A large woman, couchbound for years, walks upstairs to the utter amazement of her family. A shy young man begins courting an inflatable doll named Bianca, and is affirmed in his relationship by a small town. A not-traditionally-beautiful little girl goes off to a beauty pageant accompanied by her bickering parents, her silent brother, her gay suicidal uncle, and her drug-abusing, foul-mouthed grandfather.

Film-goers may recognize the above as representative snippets from three films: respectively, Lasse Hallström’s What’s Eating Gilbert Grape? (1993); Craig Gillespie’s Lars and the Real Girl (1997); and Jonathan Dayton’s Little Miss Sunshine (2006). The cynical among us might look at the list (and indeed the films in their entirety) and think, “Fun family entertainment, Hollywood style.”

At one level, the critique would hold. The families in these films (if we can count Lars and Bianca as a ‘family’) put the dys- in dysfunctional, and none of them constitute “family fare” in the traditional sense of the word. A few moments around the dinner table with Alan Arkin’s ‘colorful’ grandpa in Little Miss Sunshine would give the proverbial drunken sailor pause, while even the generally sweet-tempered Lars and the Real Girl centers on a man and, um, an inflatable doll.

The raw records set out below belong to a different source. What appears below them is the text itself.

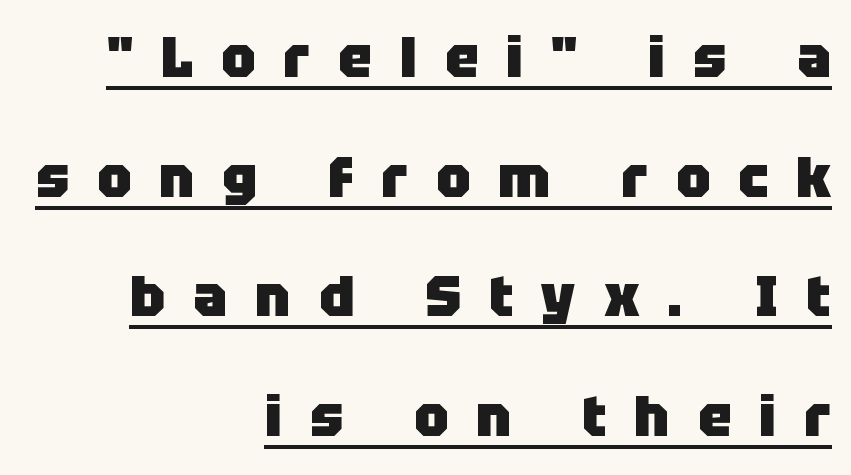
The image shows 57 px heavy sans-serif type, upright; set right-aligned, loose line spacing (2.1x), unusually wide letter spacing (+0.49 em), underlined; low stroke contrast and a large x-height.
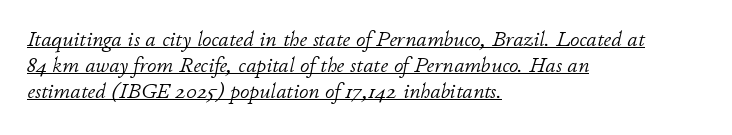
The image shows 21 px text type, italic (leaning right); set left-aligned, line spacing 1.24x, normal letter spacing, underlined.
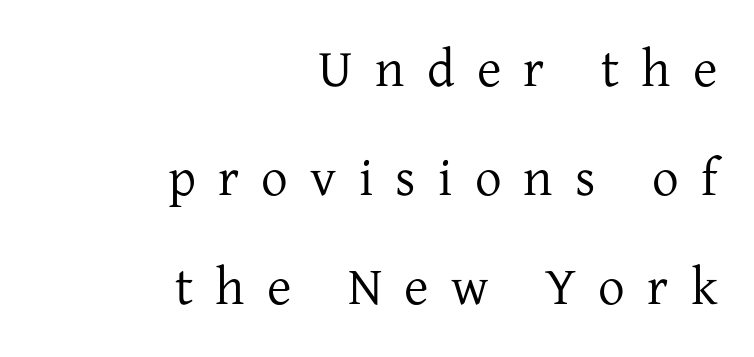
{"serif": "yes", "italic": "no", "bold": "no", "weight": "regular", "width": "normal", "stroke_contrast": "low", "x_height": "medium", "monospaced": "no", "underline": "no", "align": "right", "line_spacing": "loose", "line_spacing_ratio": 2.06, "letter_spacing": "wide", "letter_spacing_em": 0.42, "glyph_px": 53}
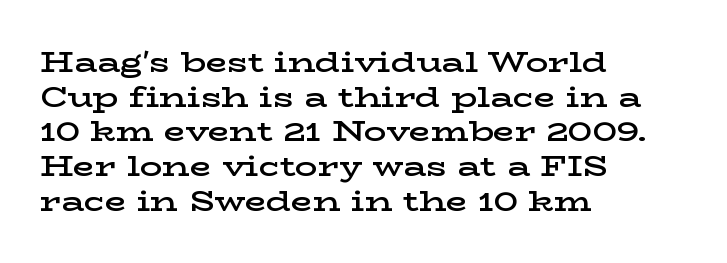
The image shows 28 px semibold, wide serif type, upright; set left-aligned, line spacing 1.24x, normal letter spacing, not underlined; low stroke contrast and a medium x-height.
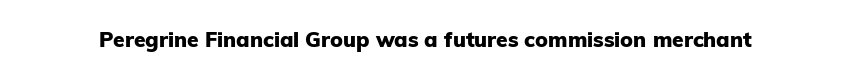
Q: Is the text bold? A: Yes.
Q: Is the text italic (slanted)? A: No, it is upright.
Q: Is the text underlined? A: No.
Q: Is the spacing between letters normal or unusually wide? A: Normal.
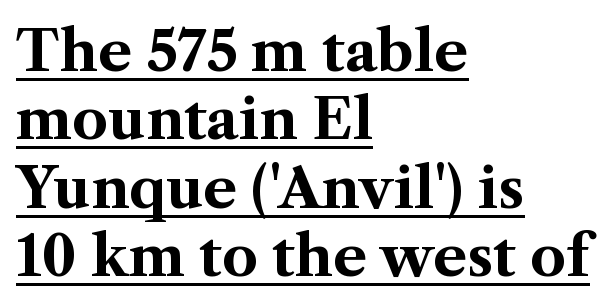
{"serif": "yes", "italic": "no", "bold": "yes", "weight": "bold", "width": "normal", "stroke_contrast": "medium", "x_height": "medium", "monospaced": "no", "underline": "yes", "align": "left", "line_spacing_ratio": 1.22, "letter_spacing": "normal", "letter_spacing_em": 0.0, "glyph_px": 56}
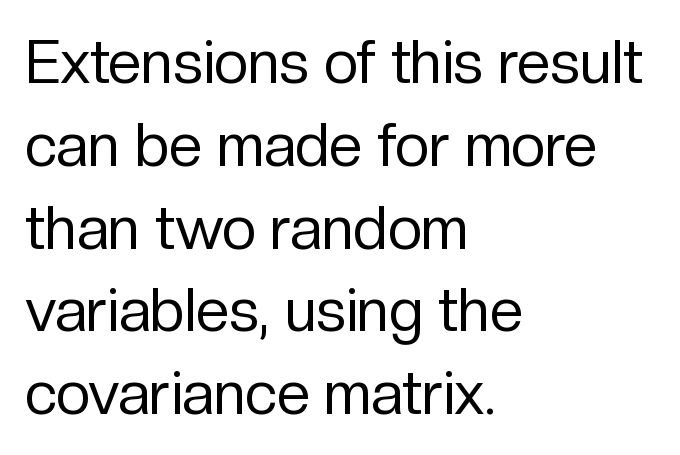
{"serif": "no", "italic": "no", "bold": "no", "weight": "regular", "width": "normal", "stroke_contrast": "low", "x_height": "medium", "monospaced": "no", "underline": "no", "align": "left", "line_spacing": "normal", "line_spacing_ratio": 1.38, "letter_spacing": "normal", "letter_spacing_em": 0.0, "glyph_px": 60}
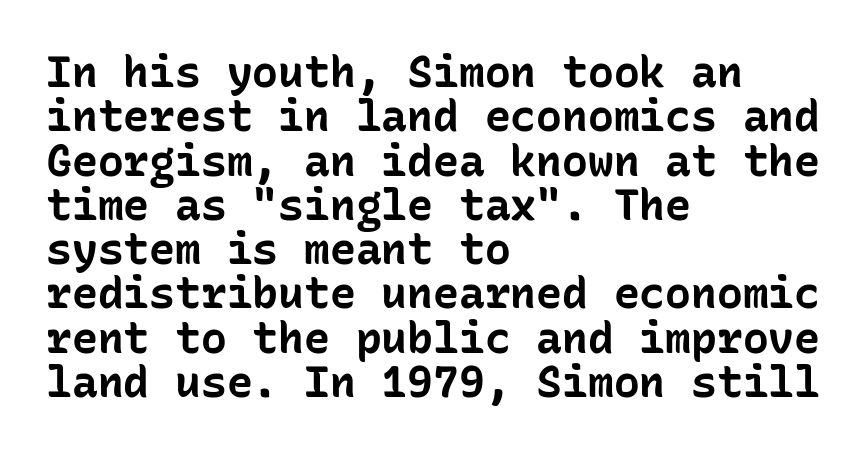
Q: Is the text bold? A: Yes.
Q: Is the text italic (slanted)? A: No, it is upright.
Q: Is the typeface a serif or a sans-serif typeface? A: Sans-serif.
Q: Is the text underlined? A: No.
Q: How is the paragraph aligned? A: Left-aligned.
Q: Is the spacing between letters normal or unusually wide? A: Normal.
Q: Is the spacing between lines tight, normal or loose? A: Tight.
Q: Width (condensed, normal, or wide)? A: Normal.
Q: Stroke contrast? A: Low.
Q: x-height? A: Medium.
Q: Monospaced? A: Yes.

Anyone thinking to gather the young kids around for Edifying Video Night with one of these films should un-think it pretty quickly.

We could go on and level a salient cultural critique as to why these films roll the way they do. They could be seen as the quintessential products of the postmodern ethos, where traditional values are there only to be shredded, and alternative life-style choices – whether it is affairs with married women (or unmarried dolls); septuagenarian heroin ingestion; or illicit water tower climbing (one of the many memorable scenes with a young Leonardo DiCaprio in Gilbert Grape) -- are there to be tolerated, if not indeed celebrated.

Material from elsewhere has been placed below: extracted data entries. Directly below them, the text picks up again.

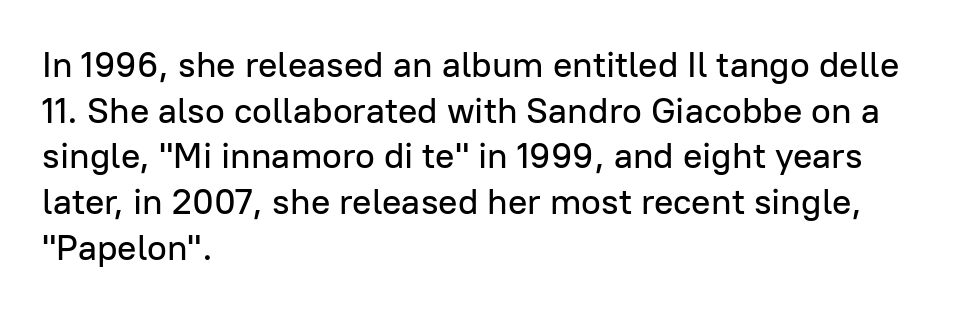
The image shows 36 px sans-serif type, upright; set left-aligned, normal line spacing (1.27x), normal letter spacing, not underlined; low stroke contrast and a medium x-height.
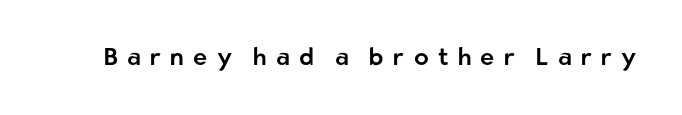
Q: Is the text italic (slanted)? A: No, it is upright.
Q: Is the text underlined? A: No.
Q: Is the spacing between letters normal or unusually wide? A: Unusually wide.
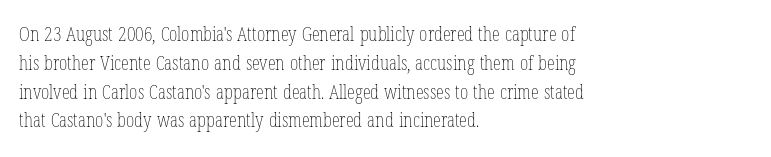
Vertical strokes here are truly vertical. The typesetting does not lean heavy: it is not bold. These lines keep a tight, regular rhythm from letter to letter. Anything drawn beneath the words? Only blank space. The designer left line spacing at the default. Caption: multi-line text, flush left, ragged right.
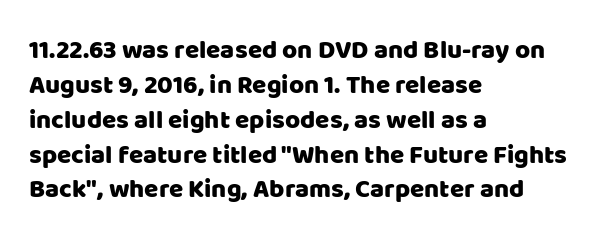
Q: Is the text italic (slanted)? A: No, it is upright.
Q: Is the text underlined? A: No.
Q: How is the paragraph aligned? A: Left-aligned.
Q: Is the spacing between letters normal or unusually wide? A: Normal.
Q: Is the spacing between lines tight, normal or loose? A: Normal.
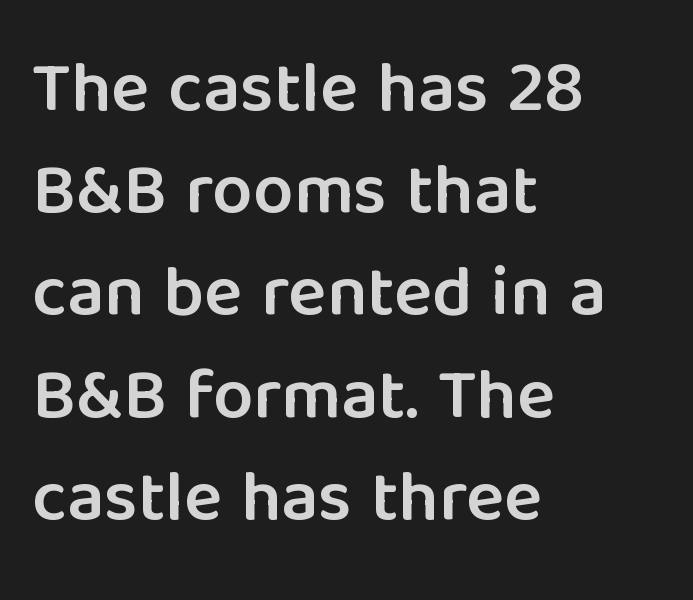
The image shows 72 px semibold sans-serif type, upright; set left-aligned, normal line spacing (1.42x), normal letter spacing, not underlined; low stroke contrast and a medium x-height.

They could also be seen as a perhaps welcome salination of the sickly sweet family films of a bygone era: here comes Lassie to drag Timmy out of the neighbors’ cobra pit. Mom had told him a hundred times not to go in that thing, but we know he’ll learn his lesson and they will all live happily ever after. (“Gee, Mom, you’re swell! And you too, Lassie!” “Ruff!”)

And yet…I found myself moved by all these films, and wondered what it was that touched me. They are all well directed and well acted, but that only provides a lowest common denominator for enjoyment. What distinguishes them is that, for all their visible dysfunction and edgy behavior, they really are sweet at heart. The characters may find themselves lost in a jungle of pathology, but they eventually hack their way through the brush to find one another, and with that to find some kind of peace amidst the chaos of life.

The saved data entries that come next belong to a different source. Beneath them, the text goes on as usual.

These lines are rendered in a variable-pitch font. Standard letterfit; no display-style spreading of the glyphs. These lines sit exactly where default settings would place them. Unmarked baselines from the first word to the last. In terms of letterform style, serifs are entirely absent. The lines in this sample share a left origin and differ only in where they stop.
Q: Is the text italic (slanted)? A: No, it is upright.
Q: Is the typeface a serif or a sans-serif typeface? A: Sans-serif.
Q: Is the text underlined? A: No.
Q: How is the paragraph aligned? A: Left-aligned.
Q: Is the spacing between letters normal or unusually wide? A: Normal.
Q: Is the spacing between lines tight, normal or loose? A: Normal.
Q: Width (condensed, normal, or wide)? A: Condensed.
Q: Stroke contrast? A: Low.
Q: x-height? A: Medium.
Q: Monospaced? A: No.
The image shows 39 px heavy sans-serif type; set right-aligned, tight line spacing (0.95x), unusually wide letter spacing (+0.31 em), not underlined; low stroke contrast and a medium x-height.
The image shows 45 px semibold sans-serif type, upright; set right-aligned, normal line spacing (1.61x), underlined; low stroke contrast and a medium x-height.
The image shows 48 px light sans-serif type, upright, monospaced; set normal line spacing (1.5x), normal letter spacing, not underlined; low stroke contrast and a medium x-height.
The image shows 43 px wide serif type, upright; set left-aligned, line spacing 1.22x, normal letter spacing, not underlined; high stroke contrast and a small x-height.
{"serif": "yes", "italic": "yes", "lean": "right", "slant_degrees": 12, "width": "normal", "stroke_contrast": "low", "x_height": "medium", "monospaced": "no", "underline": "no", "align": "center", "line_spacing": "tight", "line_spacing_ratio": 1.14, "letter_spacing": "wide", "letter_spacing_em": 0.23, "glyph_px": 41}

The fact that they find it in the worst possible circumstances of ordinary life makes the grace of re-discovering one’s family all the more profound. In Gilbert Grape, a dropped birthday cake can rip your heart out, but the mother’s trudge to the second floor becomes a kind of ascent of Jacob’s ladder. Try to keep a dry eye as kindly Karin berates Lars for not recognizing what they are doing for him, “Every person in this town bends over backward to make Bianca feel at home. Why do you think she has so many places to go and so much to do? Huh? Huh? Because of you! Because - all these people - love you!” As for Little Miss Sunshine, all I can say is that you may never think about Rick James’ Superfreak the same way again.

I may be wrong about the merits of these films. But it is not because there is something strange about the idea of love appearing in the strangest of places, or of something – or Someone – pulling people together when everything seems to be pulling them apart. Whatever the filmmakers’ motives may have been, the films can function for us as parables of the divine seed of the gospel that flourishes in the most unlikely soil.